For each property where such an indicator occurred and/or for properties within a given submarket where such an indicator occurred, we completed an impairment evaluation. After completing this process, we determined that for each of the operating properties evaluated, undiscounted cash flows over the holding period were in excess of carrying value for all but one property, which was disposed of during the year ended December 31, 2025, and, therefore, we recognized an impairment charge of approximately $16.3 million during the year ended December 31, 2025. We did not record any impairment losses for these properties for the years ended 2024 and 2023.
Cost Capitalization
We capitalize all costs associated with development and redevelopment activities, capital improvements, and tenant improvements as project costs, including internal compensation costs related to those activities. Additional capitalized costs for development and redevelopment projects include pre-construction expenses, interest (based on the weighted average rate of outstanding debt), real estate taxes, and insurance, during periods when the project is being readied for use.
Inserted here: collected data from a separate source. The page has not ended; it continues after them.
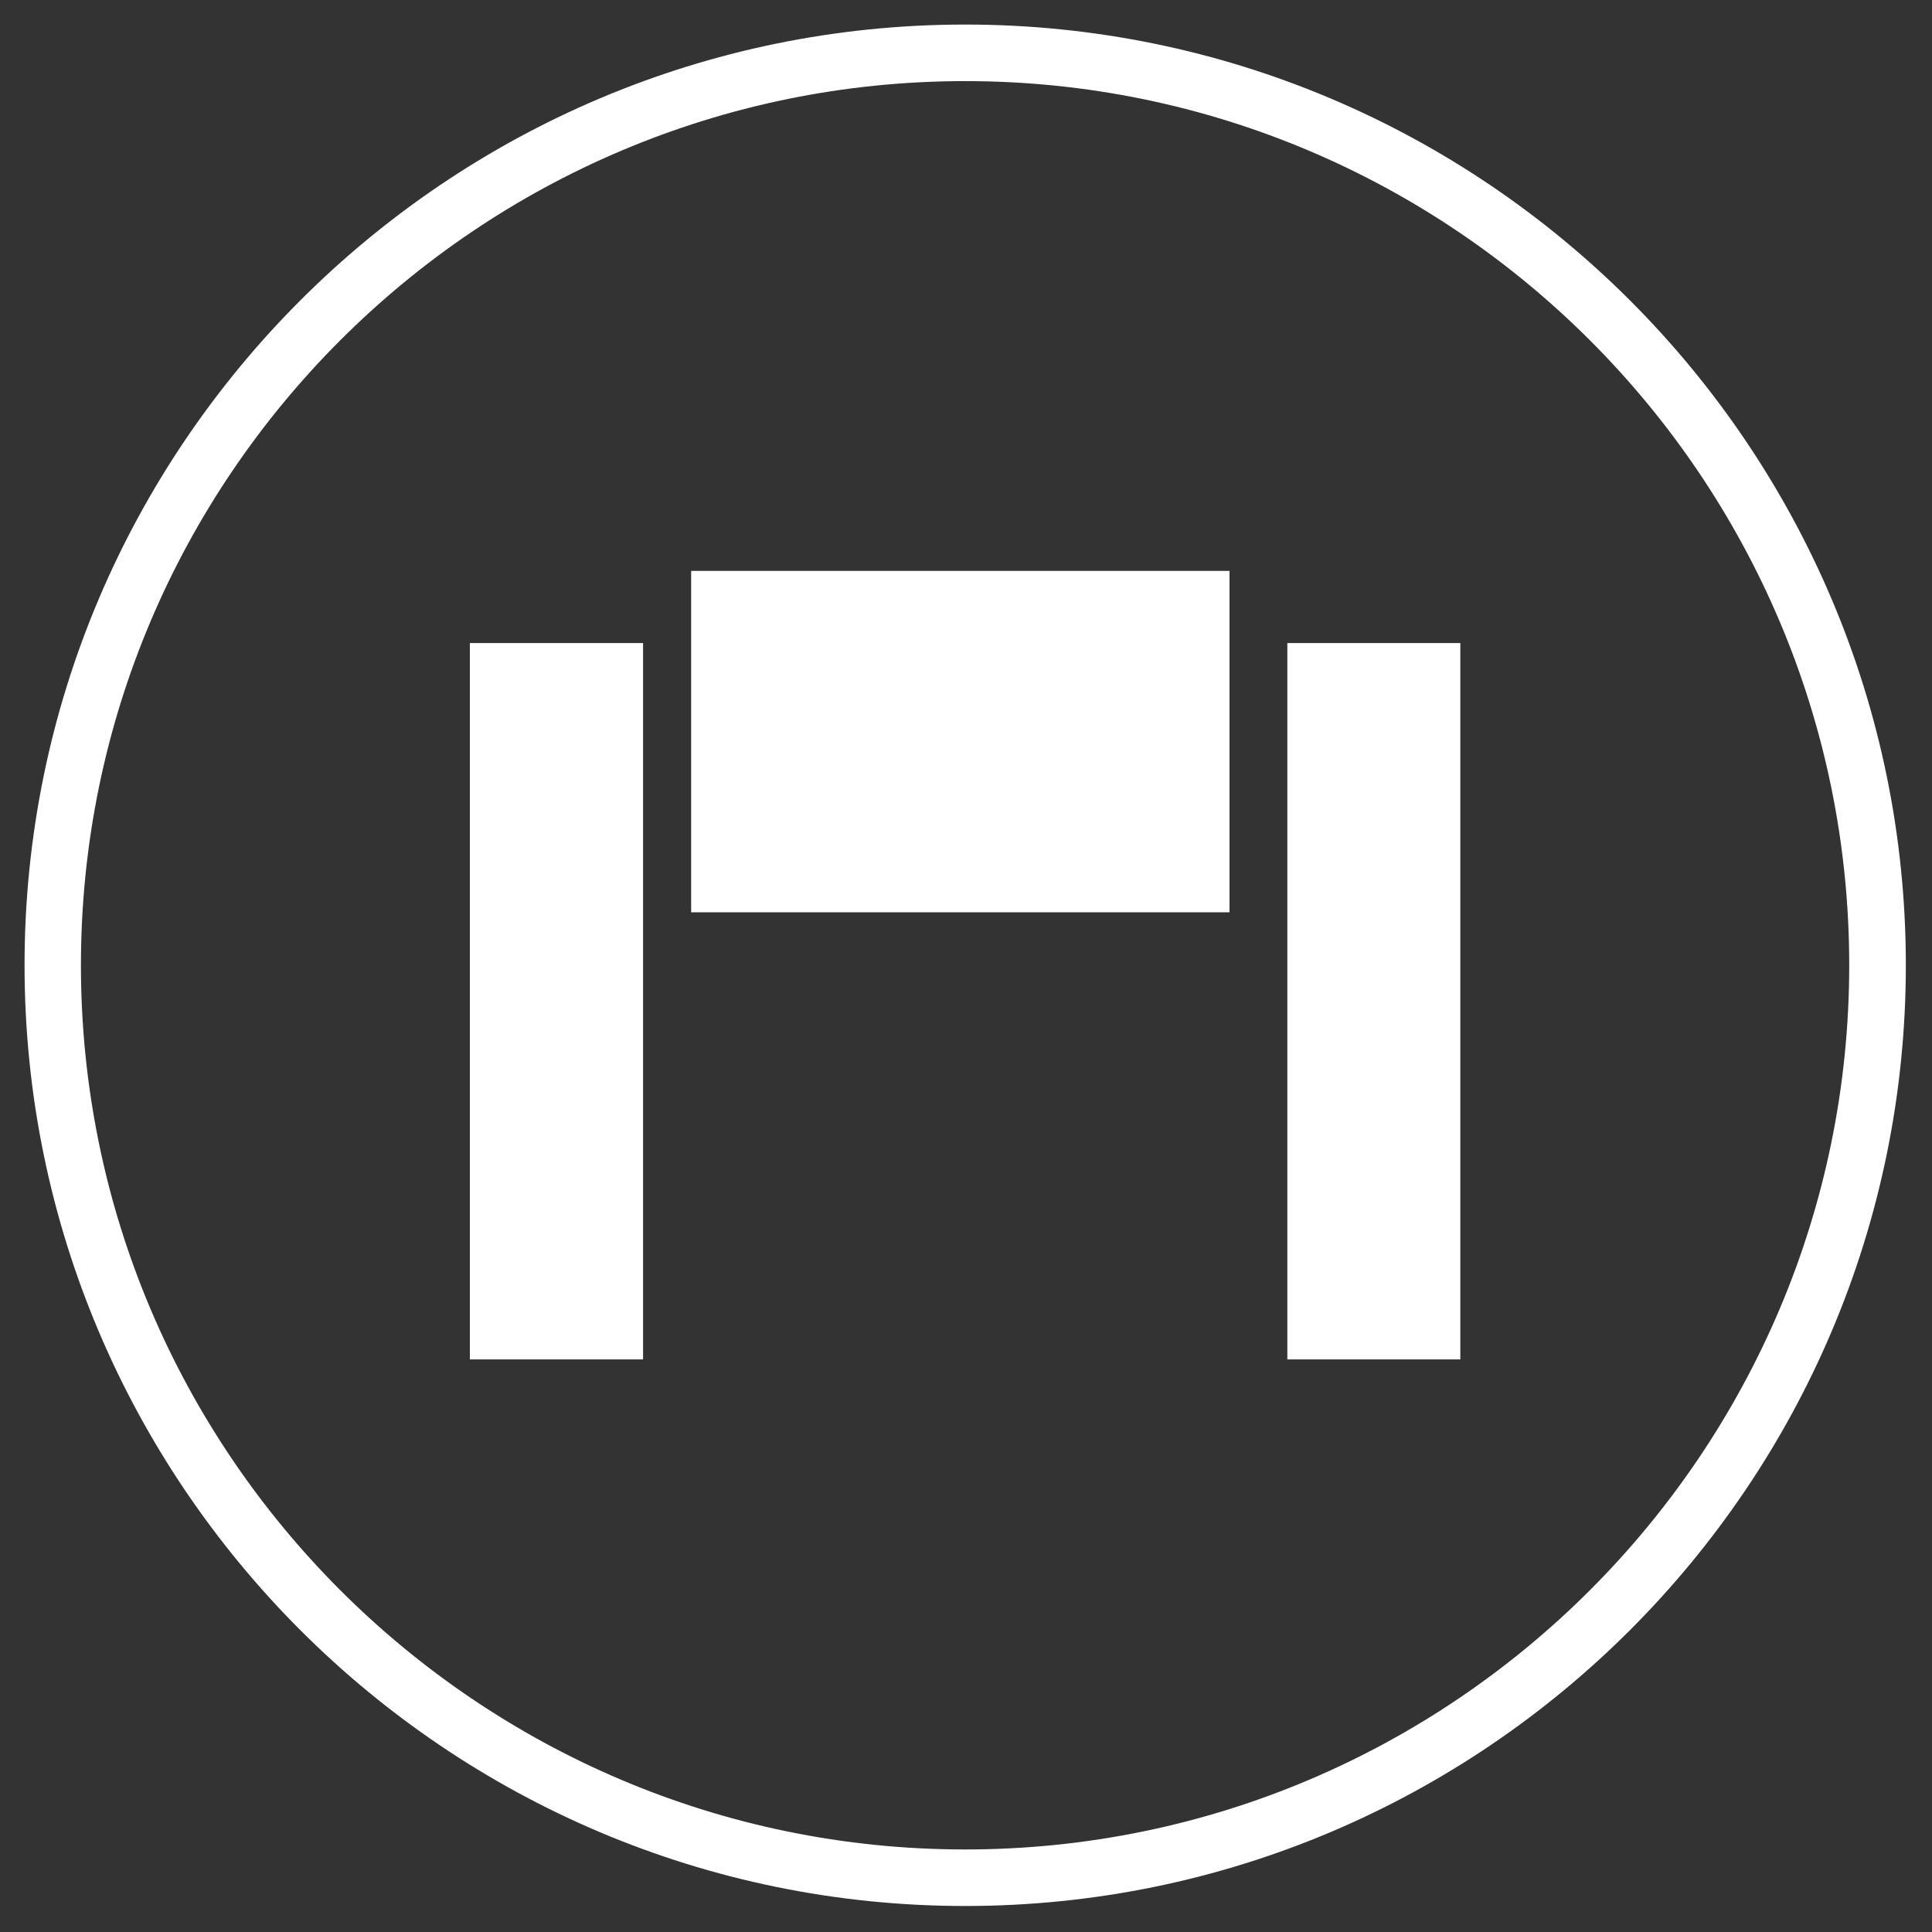 <?xml version="1.0" encoding="utf-8"?>
<!-- Generator: Adobe Illustrator 16.0.0, SVG Export Plug-In . SVG Version: 6.00 Build 0)  -->
<!DOCTYPE svg PUBLIC "-//W3C//DTD SVG 1.1//EN" "http://www.w3.org/Graphics/SVG/1.1/DTD/svg11.dtd">
<svg version="1.1" id="Capa_1" xmlns="http://www.w3.org/2000/svg" xmlns:xlink="http://www.w3.org/1999/xlink" x="0px" y="0px"
	 width="65px" height="65px" viewBox="0 0 65 65" enable-background="new 0 0 65 65" xml:space="preserve">
<rect x="0" y="0" width="65" height="65" fill="#333333" stroke="none"/>
<g>
	<path fill="#FFFFFF" d="M32.473,2.729L32.473,2.729c-16.404,0-29.75,13.342-29.75,29.744c0,16.403,13.346,29.75,29.75,29.75
		c16.398,0,29.742-13.347,29.742-29.75C62.215,16.071,48.871,2.729,32.473,2.729 M32.473,64.125
		c-17.454,0-31.647-14.199-31.647-31.652c0-17.449,14.194-31.647,31.647-31.647c17.448,0,31.647,14.199,31.647,31.647
		C64.12,49.926,49.921,64.125,32.473,64.125z"/>
	<rect x="15.808" y="21.635" fill="#FFFFFF" width="5.827" height="24.101"/>
	<rect x="43.311" y="21.635" fill="#FFFFFF" width="5.82" height="24.101"/>
	<rect x="23.253" y="19.207" fill="#FFFFFF" width="18.112" height="11.486"/>
</g>
</svg>

Determining whether expenditures meet the criteria for capitalization and the assignment of depreciable lives requires management to exercise significant judgment. Expenditures are capitalized if they provide future benefits, extend asset life, and/or improve asset quality beyond original estimates.
For office, life science, and retail projects, capitalization ends when revenue recognition begins on leased space, which is upon substantial completion of tenant improvements. For non-pre-leased properties, capitalization ends and depreciation begins on completed portions, but no later than one year after major base building completion. Capitalization also stops if project activities are suspended.
Once major base building construction activities have ceased and the development or redevelopment property (or phases thereof) have been placed in service, the costs capitalized to construction in progress are transferred to land and improvements, buildings and improvements, and deferred leasing costs on our consolidated balance sheets as the historical cost of the property.
New Accounting Pronouncements
For a discussion of new accounting pronouncements see Note 2 "Basis of Presentation and Significant Accounting Policies" to our consolidated financial statements included in this report.